Work order -
Leave out the pictures and print the rest of the entries exactly as they stand.

————————

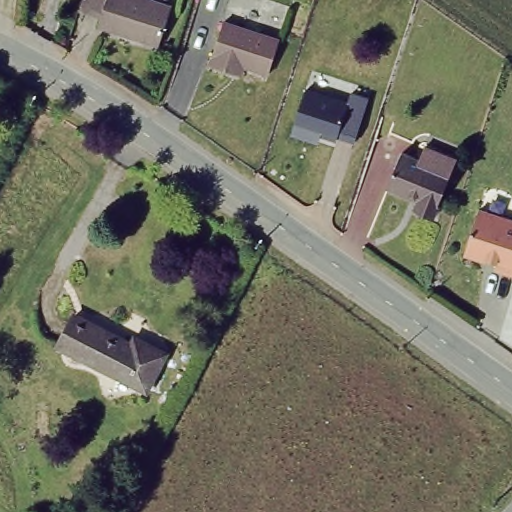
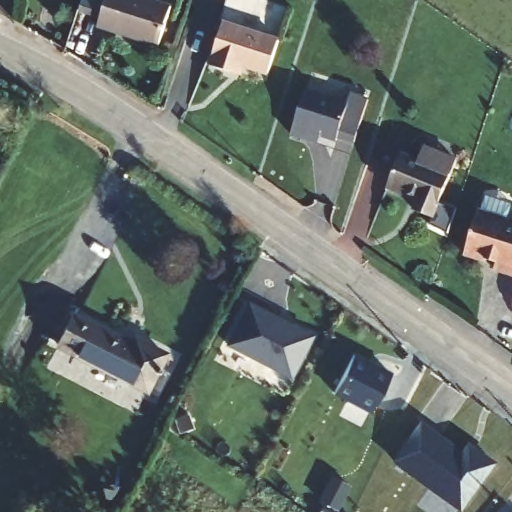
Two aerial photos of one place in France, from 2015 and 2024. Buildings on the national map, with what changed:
unchanged [(136,0),(169,12),(157,49),(98,29),(101,17),(78,10),(82,0),(136,0)]
unchanged [(233,70),(213,63),(227,22),(281,43),(269,74),(253,67),(249,76),(233,70)]
unchanged [(306,105),(311,92),(354,105),(355,100),(375,107),(362,149),(319,135),(313,146),(295,139),(308,106),(306,105)]
unchanged [(427,145),(460,157),(455,174),(441,218),(423,211),(428,198),(415,193),(414,196),(392,189),(405,155),(421,160),(427,145)]
unchanged [(498,272),(500,266),(467,255),(481,214),(512,219),(512,275),(498,272)]
new [(314,335),(291,378),(225,345),(249,301),(314,335)]
unchanged [(78,321),(133,350),(138,340),(167,356),(148,392),(64,351),(78,321)]
new [(392,372),(373,413),(334,395),(354,353),(392,372)]
new [(423,423),(463,452),(470,441),(499,463),(464,512),(461,512),(393,462),(423,423)]

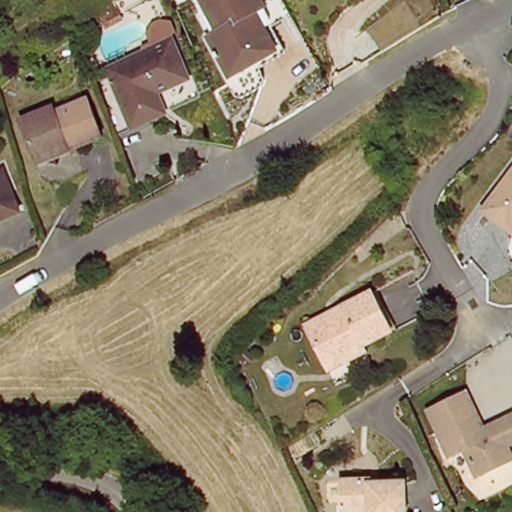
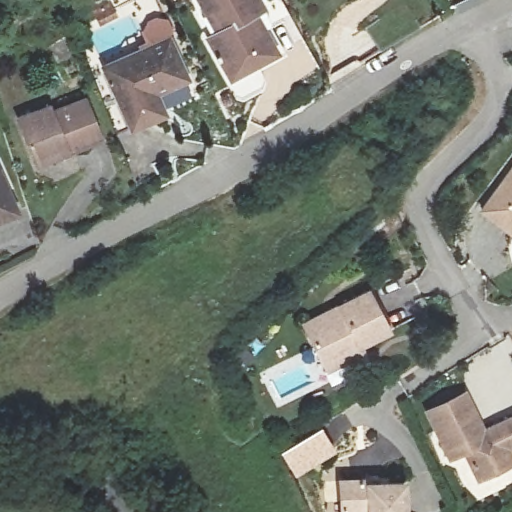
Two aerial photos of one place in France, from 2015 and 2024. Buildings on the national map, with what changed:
unchanged [(246,20),(254,38),(260,35),(271,58),(224,81),(203,39),(220,30),(211,11),(205,14),(198,0),(256,0),(262,11),(246,20)]
unchanged [(167,37),(186,73),(157,89),(168,112),(136,129),(105,70),(167,37)]
unchanged [(53,109),(56,114),(88,100),(108,139),(77,155),(73,148),(41,164),(22,125),(53,109)]
unchanged [(481,213),(512,152),(512,229),(481,213)]
unchanged [(23,217),(0,227),(0,177),(3,175),(23,217)]
unchanged [(326,366),(321,357),(304,320),(370,289),(389,329),(361,342),(363,348),(326,366)]
unchanged [(479,479),(473,468),(464,452),(450,459),(444,449),(420,404),(457,384),(477,421),(511,402),(512,405),(512,431),(501,436),(508,449),(492,458),(498,469),(479,479)]
new [(296,476),(280,451),(321,426),(336,451),(296,476)]
unchanged [(346,475),(375,480),(374,484),(408,490),(404,512),(339,512),(346,475)]

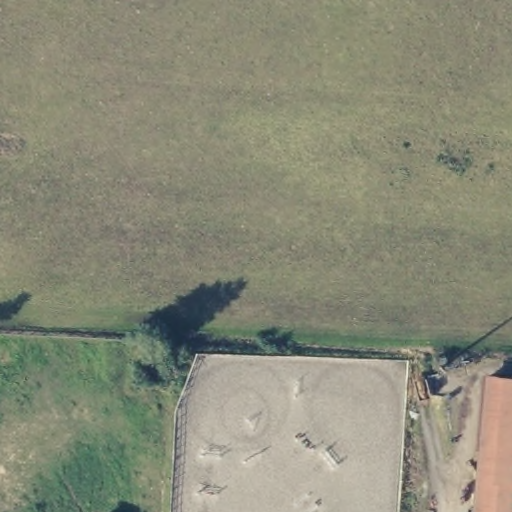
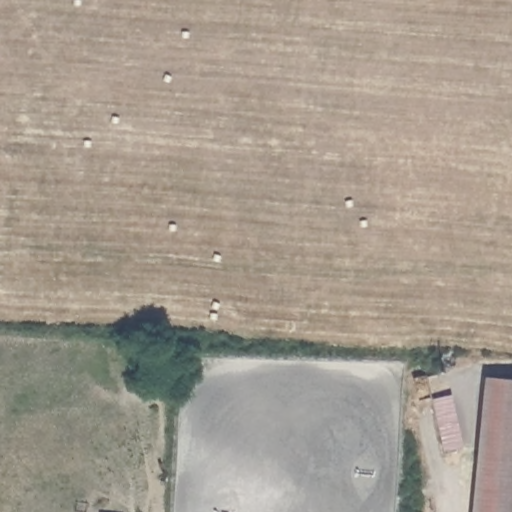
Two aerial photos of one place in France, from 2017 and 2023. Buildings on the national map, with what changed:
unchanged [(482,380),(505,382),(494,512),(471,512),(482,380)]
unchanged [(512,383),(512,512),(494,512),(505,382),(512,383)]

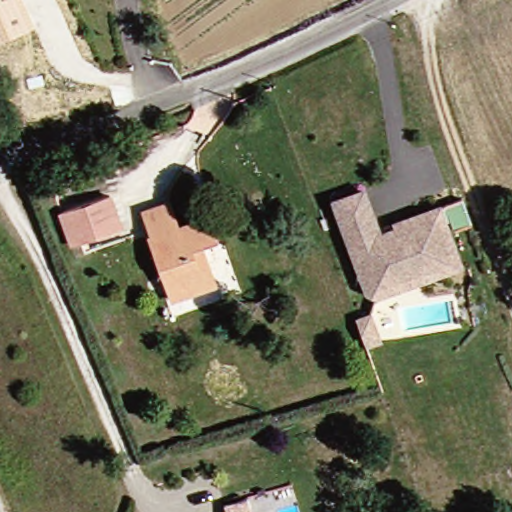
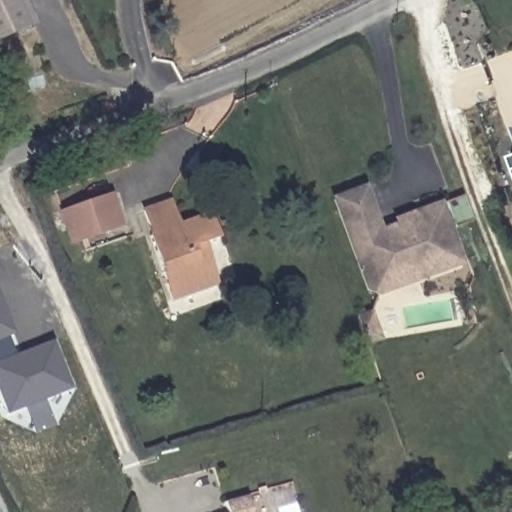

————————

Exercise solution -
Two aerial photos of one place in France, from 2015 and 2024. Buildings on the national map, with what changed:
unchanged [(136,0),(169,12),(157,49),(98,29),(101,17),(78,10),(82,0),(136,0)]
unchanged [(233,70),(213,63),(227,22),(281,43),(269,74),(253,67),(249,76),(233,70)]
unchanged [(306,105),(311,92),(354,105),(355,100),(375,107),(362,149),(319,135),(313,146),(295,139),(308,106),(306,105)]
unchanged [(427,145),(460,157),(455,174),(441,218),(423,211),(428,198),(415,193),(414,196),(392,189),(405,155),(421,160),(427,145)]
unchanged [(498,272),(500,266),(467,255),(481,214),(512,219),(512,275),(498,272)]
new [(314,335),(291,378),(225,345),(249,301),(314,335)]
unchanged [(78,321),(133,350),(138,340),(167,356),(148,392),(64,351),(78,321)]
new [(392,372),(373,413),(334,395),(354,353),(392,372)]
new [(423,423),(463,452),(470,441),(499,463),(464,512),(461,512),(393,462),(423,423)]

Two aerial photos of one place in France, from 2015 and 2024. Buildings on the national map, with what changed:
unchanged [(246,20),(254,38),(260,35),(271,58),(224,81),(203,39),(220,30),(211,11),(205,14),(198,0),(256,0),(262,11),(246,20)]
unchanged [(167,37),(186,73),(157,89),(168,112),(136,129),(105,70),(167,37)]
unchanged [(53,109),(56,114),(88,100),(108,139),(77,155),(73,148),(41,164),(22,125),(53,109)]
unchanged [(481,213),(512,152),(512,229),(481,213)]
unchanged [(23,217),(0,227),(0,177),(3,175),(23,217)]
unchanged [(326,366),(321,357),(304,320),(370,289),(389,329),(361,342),(363,348),(326,366)]
unchanged [(479,479),(473,468),(464,452),(450,459),(444,449),(420,404),(457,384),(477,421),(511,402),(512,405),(512,431),(501,436),(508,449),(492,458),(498,469),(479,479)]
new [(296,476),(280,451),(321,426),(336,451),(296,476)]
unchanged [(346,475),(375,480),(374,484),(408,490),(404,512),(339,512),(346,475)]

Two aerial photos of one place in France, from 2017 and 2023. Buildings on the national map, with what changed:
unchanged [(482,380),(505,382),(494,512),(471,512),(482,380)]
unchanged [(512,383),(512,512),(494,512),(505,382),(512,383)]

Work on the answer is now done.